When you filter "all startups" by "the sort of startups I am likely to start", that search query doesn't terminate at a factory in China, or negotiating to buy a hundred racks at Rackspace. It terminates with three software developers in the spare bedroom for a quarter, at which point ideally a continuous revenue stream has been generated that can fund the next project.

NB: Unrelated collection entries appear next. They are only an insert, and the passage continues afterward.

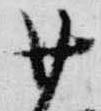
廿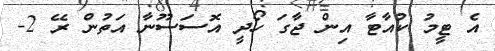
އެ ޓީމު ކުއާޓާ އިން ޖާގަ ހޯދީ އޮސަސޫނާ އަތުން ރޭ 2-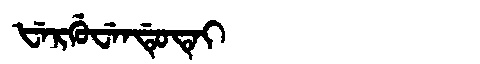
Manchu: ᡶᡝᡵᡤᡠᠸᡝᠨᡩᡠᡨᡝᡳ
Romanization: FERGUWENDUTEI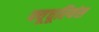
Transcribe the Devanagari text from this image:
फ्यूचूरियंस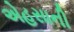
એહસાની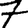
Digit: 7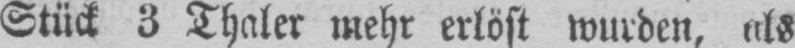
Stück 3 Thaler mehr erlöst wurden, als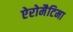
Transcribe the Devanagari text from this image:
ऐरोमैटिमा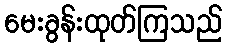
မေးခွန်းထုတ်ကြသည်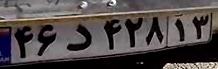
۴۶د۴۲۸۱۳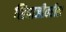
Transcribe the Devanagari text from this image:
शिवाजीवरील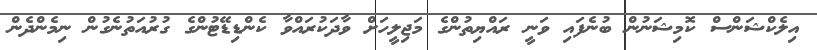
އިލެކްޝަންސް ކޮމިޝަނުން ބުނެފައި ވަނީ ރައްޔިތުންގެ މަޖިލީހަށް ވާދަކުރައްވާ ކެންޑިޑޭޓުންގެ ގުރުއަތުނެގުން ނިމެންދެން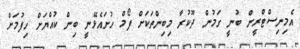
އެމިނިސްޓްރީން ބުނީ ގަމުން ދޫކުރާ މިބިންތަކަށް ފޯމް ހުށައެޅޭނީ ބިން ކުއްޔަށް ހިފުމަށް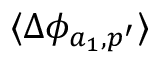
\langle \Delta \phi _ { a _ { 1 } , p ^ { \prime } } \rangle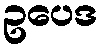
ဥပေဒ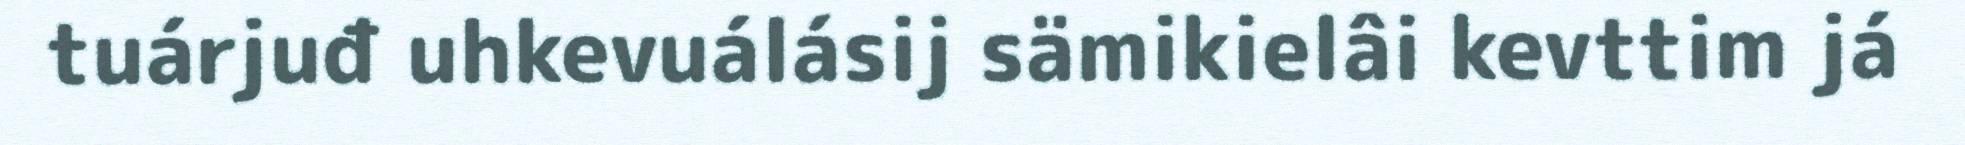
tuárjuđ uhkevuálásij sämikielâi kevttim já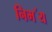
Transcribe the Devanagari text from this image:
निभ॔य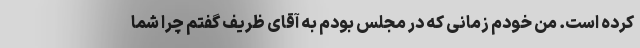
کرده است. من خودم زمانی که در مجلس بودم به آقای ظریف گفتم چرا شما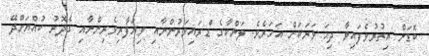
ބޮޑަށް އިތުރުވެފައިވާ ދިހަ ވަރަކަށް އަހަރެވެ. ލަންކާގެ ޑްރައިވަރުންނާއި ވިޔަފާރިވެރިންނާއި ގެދޮރު ކުއްޔަށްދޭ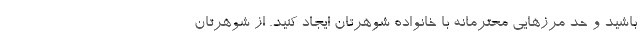
باشید و حد مرزهایی محترمانه با خانواده شوهرتان ایجاد کنید. از شوهرتان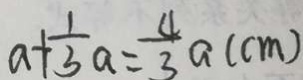
a + \frac { 1 } { 3 } a = \frac { 4 } { 3 } a ( c m )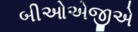
બીઓએજીએ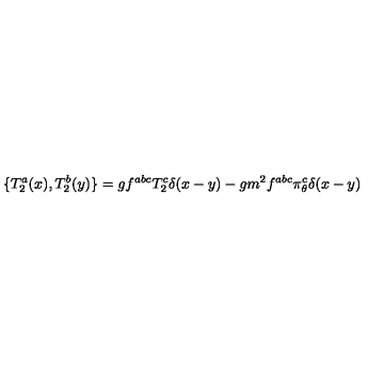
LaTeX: \{ T _ { 2 } ^ { a } ( x ) , T _ { 2 } ^ { b } ( y ) \} = g f ^ { a b c } T _ { 2 } ^ { c } \delta ( x - y ) - g m ^ { 2 } f ^ { a b c } \pi _ { \theta } ^ { c } \delta ( x - y )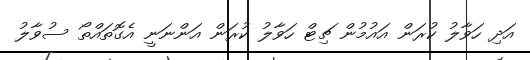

By analogy, the fact that most furniture purchased in America is mass-produced is not really relevant to a master woodworker, if demand for his work far exceeds supply. You can make the argument that he is "at odds with measurable features of the material world", but I believe a fairer characterization would be that his value system is just different than IKEA's, that they exist in different markets.

3 comments

I wish you, the author, and everyone else happiness. I am really not trying to convince you of the moral righteousness of the VC value system, which I don't participate in directly. I'm just trying to explain accurately how it actually functions: anyone who says that VCs are aiming for acqu-hire exits is mistaken. Don't believe it, don't repeat it, don't make consequential decisions based on it: it will not end well!
VCs tend to like acquisitions like that a lot more than they do outright failures, especially if they get some or all of their investment back. Same player shoots again.

Think of them as the emergency landing instead of as an alternative exit and it may start to make more sense.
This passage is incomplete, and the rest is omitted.